By Melinda Munson

As of Sept. 7, a preliminary injunction prohibits the use of the Dyea Cabin “until further order of the court or until such time as the Dyea Cabin is properly permitted, whichever may occur first.” 

The injunction is the result of a lawsuit brought against the Municipality of Skagway by Fred and Kathy Hosford in June. Owners of the Chilkoot Trail Outpost, a full-service cabin rental facility with wi-fi and a restaurant, the Hosfords started protesting in February that the nearby Dyea Cabin, erected on the municipal campground, would interfere with their business. 

The dry cabin, built last fall with CARES funds, was intended for a Dyea Campground host.

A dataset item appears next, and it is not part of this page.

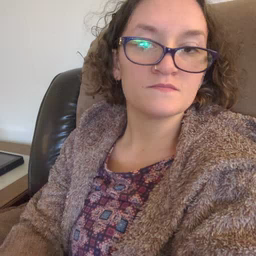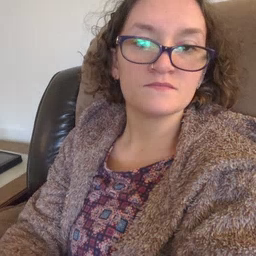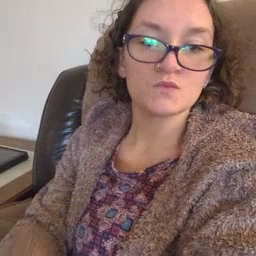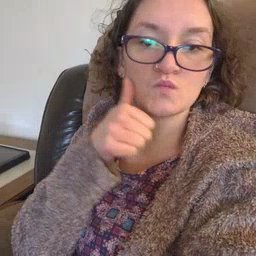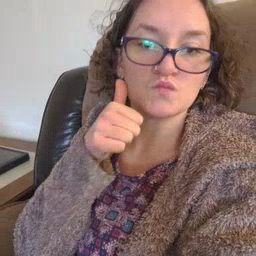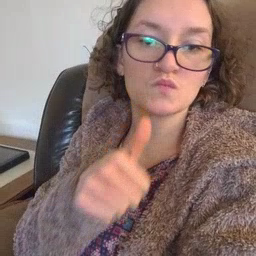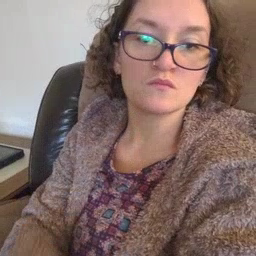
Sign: girl

On June 3, the assembly ruled that a host would occupy the cabin from April 15 to Oct. 15, with Skagway residents having access to free overnight usage during the off season. 

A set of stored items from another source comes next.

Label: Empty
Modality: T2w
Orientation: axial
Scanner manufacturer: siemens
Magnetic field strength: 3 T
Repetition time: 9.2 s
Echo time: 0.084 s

The injunctions reads: “The Hosfords assert that (1) Skagway constructed its Dyea Cabin illegally by failing to obtain a conditional use permit or building permit as required under Title 15 and 19 of the SMC (Skagway Municipal Code) and that (2) Skagway illegally rented the cabin out without first obtaining a conditional use permit, in direct violation of the DFMP (Dyea Flats management Plan).”

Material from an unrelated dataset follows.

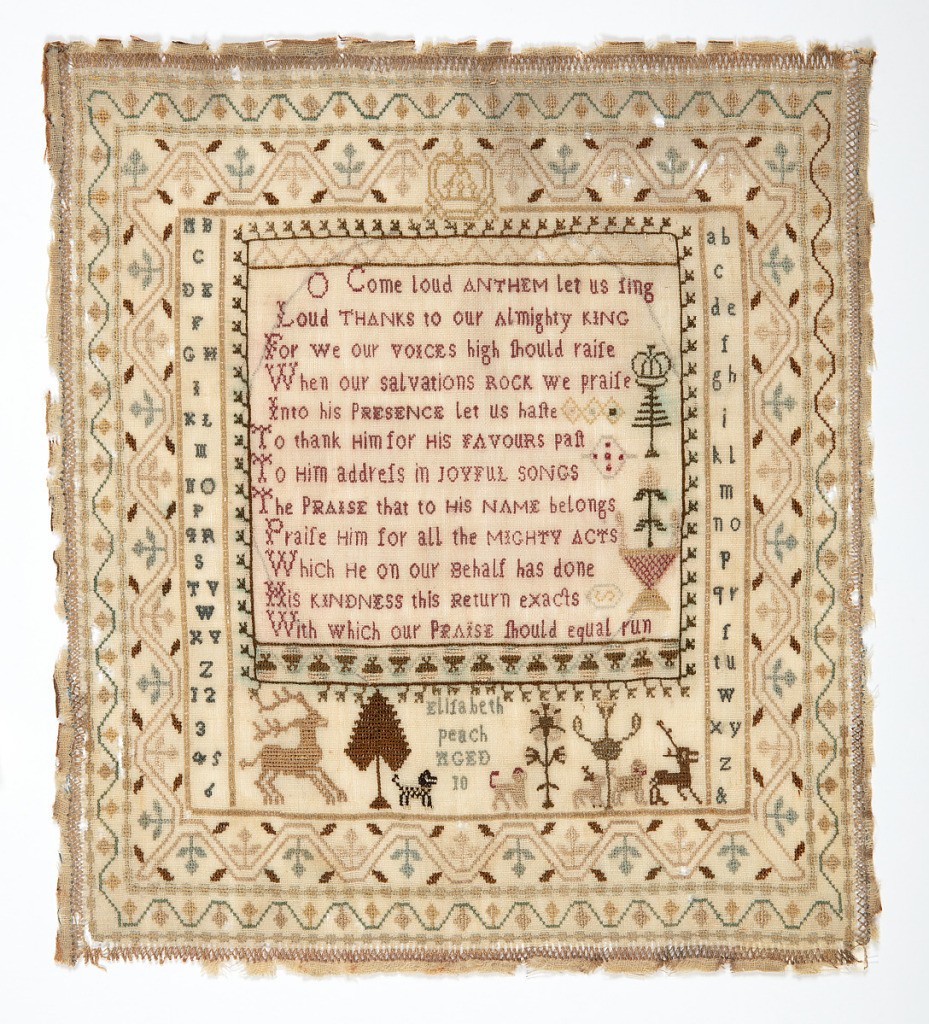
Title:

According to the injunction, “Skagway does nothing to argue that it complied with the provisions of Title 15 and 19 of the SMC. Instead, it claims that those provisions simply do not apply. According to Skagway, only Title 16 of the SMC … applies to the area in which the Dyea Cabin sits.”

Alaska Superior Court Judge Daniel Schally issued the preliminary injunction (case number 1JU-21-664CI). The document states that the injunction was based on permitting and not on due process or economic competition.

Mayor Andrew Cremata read a prepared statement from the borough attorney at the Sept. 16 assembly meeting. 

“It is not unusual for a court to grant a preliminary injunction. This is not a final decision and does not mean that there will be a permanent injunction at the end of the case,” Cremata said.

The municipality plans to file a motion for reconsideration by Sept. 20, “because the municipality believes it did follow the proper permitting process under Title 16,” Cremata continued.

“Every citizen expects the government to follow the law,” said Stacey Stone, attorney for the Hosfords. “The court has simply confirmed that the government cannot ignore its own laws.”

As this year’s campground host opted to bring her own RV, the cabin was not being used for housing. It now sits empty.